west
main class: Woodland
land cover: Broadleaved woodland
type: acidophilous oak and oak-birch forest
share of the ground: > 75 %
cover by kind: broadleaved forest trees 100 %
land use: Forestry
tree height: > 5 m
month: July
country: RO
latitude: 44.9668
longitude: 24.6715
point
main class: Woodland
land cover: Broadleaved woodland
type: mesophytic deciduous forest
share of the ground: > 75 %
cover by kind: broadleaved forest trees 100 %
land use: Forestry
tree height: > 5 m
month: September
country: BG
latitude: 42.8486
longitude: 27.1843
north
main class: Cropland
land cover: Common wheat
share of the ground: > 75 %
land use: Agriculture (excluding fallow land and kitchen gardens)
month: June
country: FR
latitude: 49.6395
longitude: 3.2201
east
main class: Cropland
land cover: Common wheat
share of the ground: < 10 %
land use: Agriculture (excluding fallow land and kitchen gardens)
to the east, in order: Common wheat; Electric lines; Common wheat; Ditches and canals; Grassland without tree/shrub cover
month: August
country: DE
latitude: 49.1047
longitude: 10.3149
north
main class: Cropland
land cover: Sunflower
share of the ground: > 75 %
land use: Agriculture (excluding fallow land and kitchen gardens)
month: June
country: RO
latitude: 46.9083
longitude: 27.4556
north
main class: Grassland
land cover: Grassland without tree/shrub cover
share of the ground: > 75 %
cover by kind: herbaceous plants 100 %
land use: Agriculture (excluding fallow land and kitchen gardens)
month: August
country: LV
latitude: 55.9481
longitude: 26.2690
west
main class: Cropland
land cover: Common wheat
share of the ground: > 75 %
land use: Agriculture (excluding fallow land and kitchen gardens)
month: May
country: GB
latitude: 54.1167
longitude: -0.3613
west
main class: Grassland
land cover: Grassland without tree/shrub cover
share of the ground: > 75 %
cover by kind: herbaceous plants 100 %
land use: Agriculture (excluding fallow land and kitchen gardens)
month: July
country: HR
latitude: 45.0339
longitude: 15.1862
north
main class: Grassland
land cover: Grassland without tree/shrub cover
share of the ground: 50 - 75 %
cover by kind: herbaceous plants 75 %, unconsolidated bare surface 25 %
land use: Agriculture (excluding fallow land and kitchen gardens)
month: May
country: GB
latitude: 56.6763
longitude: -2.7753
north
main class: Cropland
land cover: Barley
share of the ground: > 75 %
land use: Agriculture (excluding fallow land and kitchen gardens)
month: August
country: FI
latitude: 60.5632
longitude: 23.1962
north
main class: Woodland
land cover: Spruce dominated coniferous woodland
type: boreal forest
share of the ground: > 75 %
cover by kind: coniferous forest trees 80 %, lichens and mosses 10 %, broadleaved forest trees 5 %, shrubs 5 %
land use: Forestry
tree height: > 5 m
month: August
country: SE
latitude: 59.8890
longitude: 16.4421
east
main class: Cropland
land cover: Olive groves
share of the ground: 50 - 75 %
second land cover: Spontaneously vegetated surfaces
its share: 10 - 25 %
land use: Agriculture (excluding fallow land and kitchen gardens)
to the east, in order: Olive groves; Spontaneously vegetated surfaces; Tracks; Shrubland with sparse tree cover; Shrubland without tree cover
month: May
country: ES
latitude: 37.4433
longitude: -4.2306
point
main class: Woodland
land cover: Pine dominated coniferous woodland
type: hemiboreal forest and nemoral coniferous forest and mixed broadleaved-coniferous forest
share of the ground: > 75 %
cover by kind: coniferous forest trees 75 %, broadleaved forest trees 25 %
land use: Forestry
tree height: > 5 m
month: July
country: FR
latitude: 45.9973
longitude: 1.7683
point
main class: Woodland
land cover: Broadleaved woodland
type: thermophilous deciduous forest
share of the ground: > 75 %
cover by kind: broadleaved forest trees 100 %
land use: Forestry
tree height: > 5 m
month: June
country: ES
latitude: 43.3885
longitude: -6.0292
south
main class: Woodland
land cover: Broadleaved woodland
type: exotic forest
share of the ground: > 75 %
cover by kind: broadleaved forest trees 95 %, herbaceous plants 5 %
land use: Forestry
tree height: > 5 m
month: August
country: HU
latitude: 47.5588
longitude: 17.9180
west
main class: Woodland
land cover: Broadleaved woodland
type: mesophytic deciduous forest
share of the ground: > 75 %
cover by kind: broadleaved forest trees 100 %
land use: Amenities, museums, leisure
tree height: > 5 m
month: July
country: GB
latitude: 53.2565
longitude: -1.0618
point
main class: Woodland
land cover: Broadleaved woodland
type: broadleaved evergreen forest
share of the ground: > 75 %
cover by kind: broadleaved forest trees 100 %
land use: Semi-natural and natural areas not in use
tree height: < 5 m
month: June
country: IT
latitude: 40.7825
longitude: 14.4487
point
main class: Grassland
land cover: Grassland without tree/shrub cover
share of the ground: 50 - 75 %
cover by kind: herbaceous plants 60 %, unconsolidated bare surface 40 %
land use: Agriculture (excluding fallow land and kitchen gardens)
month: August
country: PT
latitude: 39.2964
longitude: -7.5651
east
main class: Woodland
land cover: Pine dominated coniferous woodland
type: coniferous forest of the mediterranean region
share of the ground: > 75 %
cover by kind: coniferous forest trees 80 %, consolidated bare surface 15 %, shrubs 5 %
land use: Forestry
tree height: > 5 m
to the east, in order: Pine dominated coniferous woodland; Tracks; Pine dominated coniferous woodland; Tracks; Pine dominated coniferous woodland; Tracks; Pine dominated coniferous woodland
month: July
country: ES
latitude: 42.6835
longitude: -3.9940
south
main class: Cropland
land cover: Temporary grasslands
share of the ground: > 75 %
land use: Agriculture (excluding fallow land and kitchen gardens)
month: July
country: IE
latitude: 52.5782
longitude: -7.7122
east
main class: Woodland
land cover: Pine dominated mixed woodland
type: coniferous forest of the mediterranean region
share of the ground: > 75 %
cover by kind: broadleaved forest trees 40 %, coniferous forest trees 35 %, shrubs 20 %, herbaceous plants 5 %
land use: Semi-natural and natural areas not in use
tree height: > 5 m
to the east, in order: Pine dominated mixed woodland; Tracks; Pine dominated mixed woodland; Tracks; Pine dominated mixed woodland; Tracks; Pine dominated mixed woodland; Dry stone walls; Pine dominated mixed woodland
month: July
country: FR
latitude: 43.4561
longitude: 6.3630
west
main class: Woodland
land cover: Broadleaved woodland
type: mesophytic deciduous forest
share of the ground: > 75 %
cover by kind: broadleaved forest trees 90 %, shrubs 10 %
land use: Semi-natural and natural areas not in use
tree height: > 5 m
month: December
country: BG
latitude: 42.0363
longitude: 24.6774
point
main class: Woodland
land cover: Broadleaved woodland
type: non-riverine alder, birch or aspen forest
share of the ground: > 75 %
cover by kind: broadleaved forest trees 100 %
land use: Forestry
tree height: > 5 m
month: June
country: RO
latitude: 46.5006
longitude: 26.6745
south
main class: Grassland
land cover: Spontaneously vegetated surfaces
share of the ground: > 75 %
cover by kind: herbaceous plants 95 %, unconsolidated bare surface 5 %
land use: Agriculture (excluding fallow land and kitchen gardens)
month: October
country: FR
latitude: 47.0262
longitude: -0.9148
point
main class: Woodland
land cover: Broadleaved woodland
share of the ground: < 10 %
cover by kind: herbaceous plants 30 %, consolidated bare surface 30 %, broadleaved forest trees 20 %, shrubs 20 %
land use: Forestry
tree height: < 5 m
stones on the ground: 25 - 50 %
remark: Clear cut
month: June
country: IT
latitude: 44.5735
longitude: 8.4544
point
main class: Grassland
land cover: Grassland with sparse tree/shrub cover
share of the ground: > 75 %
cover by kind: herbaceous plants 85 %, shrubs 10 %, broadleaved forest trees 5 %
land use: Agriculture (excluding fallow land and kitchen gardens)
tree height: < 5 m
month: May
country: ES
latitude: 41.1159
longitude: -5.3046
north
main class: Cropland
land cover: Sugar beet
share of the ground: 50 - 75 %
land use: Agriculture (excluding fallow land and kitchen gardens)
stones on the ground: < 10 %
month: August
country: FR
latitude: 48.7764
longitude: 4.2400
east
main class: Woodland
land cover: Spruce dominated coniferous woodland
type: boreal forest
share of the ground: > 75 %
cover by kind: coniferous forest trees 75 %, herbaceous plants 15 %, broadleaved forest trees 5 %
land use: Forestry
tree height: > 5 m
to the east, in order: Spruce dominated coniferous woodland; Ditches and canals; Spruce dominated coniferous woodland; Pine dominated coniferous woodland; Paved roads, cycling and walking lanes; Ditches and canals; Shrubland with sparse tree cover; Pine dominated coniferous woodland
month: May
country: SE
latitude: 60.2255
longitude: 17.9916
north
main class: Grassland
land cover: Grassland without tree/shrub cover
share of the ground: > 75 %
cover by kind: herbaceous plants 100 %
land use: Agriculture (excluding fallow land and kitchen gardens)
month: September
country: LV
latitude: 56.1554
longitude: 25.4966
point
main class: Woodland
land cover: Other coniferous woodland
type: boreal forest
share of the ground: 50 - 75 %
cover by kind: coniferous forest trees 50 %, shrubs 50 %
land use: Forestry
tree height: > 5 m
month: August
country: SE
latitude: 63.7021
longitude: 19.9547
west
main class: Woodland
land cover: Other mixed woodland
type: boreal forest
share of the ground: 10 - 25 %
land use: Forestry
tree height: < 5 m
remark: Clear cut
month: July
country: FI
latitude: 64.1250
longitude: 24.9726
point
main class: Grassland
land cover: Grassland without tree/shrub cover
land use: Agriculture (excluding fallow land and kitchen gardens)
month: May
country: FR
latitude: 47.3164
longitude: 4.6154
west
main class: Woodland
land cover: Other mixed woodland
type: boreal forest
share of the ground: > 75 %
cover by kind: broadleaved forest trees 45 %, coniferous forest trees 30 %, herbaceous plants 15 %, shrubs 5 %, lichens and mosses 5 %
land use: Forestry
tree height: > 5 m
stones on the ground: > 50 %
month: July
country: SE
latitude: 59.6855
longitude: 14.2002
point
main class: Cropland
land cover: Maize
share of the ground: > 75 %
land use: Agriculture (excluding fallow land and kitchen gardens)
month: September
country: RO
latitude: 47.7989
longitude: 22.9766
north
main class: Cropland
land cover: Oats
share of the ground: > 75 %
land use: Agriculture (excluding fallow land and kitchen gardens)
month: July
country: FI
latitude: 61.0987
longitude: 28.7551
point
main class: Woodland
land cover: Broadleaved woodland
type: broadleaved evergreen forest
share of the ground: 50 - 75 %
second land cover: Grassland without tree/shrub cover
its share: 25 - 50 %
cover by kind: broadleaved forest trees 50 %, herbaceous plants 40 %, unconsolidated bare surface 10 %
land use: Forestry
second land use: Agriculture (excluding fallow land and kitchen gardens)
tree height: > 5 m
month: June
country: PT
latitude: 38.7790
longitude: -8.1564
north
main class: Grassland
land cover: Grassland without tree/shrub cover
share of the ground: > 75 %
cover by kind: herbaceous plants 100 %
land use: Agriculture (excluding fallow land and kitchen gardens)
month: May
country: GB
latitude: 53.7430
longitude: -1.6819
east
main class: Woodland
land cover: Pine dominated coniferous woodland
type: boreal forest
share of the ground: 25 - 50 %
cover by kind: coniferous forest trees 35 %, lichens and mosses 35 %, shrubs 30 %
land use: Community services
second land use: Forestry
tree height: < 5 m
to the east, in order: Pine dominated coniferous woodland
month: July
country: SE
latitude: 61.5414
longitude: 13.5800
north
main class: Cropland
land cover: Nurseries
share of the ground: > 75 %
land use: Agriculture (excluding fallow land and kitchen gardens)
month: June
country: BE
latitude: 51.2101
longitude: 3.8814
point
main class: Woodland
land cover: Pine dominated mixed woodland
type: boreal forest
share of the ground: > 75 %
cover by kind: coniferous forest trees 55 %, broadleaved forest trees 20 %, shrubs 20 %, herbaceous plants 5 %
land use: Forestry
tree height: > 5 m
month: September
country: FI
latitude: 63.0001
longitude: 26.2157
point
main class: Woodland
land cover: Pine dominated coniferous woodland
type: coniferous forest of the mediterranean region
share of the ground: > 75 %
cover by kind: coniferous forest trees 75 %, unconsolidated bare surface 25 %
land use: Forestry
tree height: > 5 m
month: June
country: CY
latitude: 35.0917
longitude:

——

Instructions for the task: In the records above, find every line that contains the word "shrubs" and copy it.

Task response:
cover by kind: coniferous forest trees 80 %, lichens and mosses 10 %, broadleaved forest trees 5 %, shrubs 5 %
cover by kind: coniferous forest trees 80 %, consolidated bare surface 15 %, shrubs 5 %
cover by kind: broadleaved forest trees 40 %, coniferous forest trees 35 %, shrubs 20 %, herbaceous plants 5 %
cover by kind: broadleaved forest trees 90 %, shrubs 10 %
cover by kind: herbaceous plants 30 %, consolidated bare surface 30 %, broadleaved forest trees 20 %, shrubs 20 %
cover by kind: herbaceous plants 85 %, shrubs 10 %, broadleaved forest trees 5 %
cover by kind: coniferous forest trees 50 %, shrubs 50 %
cover by kind: broadleaved forest trees 45 %, coniferous forest trees 30 %, herbaceous plants 15 %, shrubs 5 %, lichens and mosses 5 %
cover by kind: coniferous forest trees 35 %, lichens and mosses 35 %, shrubs 30 %
cover by kind: coniferous forest trees 55 %, broadleaved forest trees 20 %, shrubs 20 %, herbaceous plants 5 %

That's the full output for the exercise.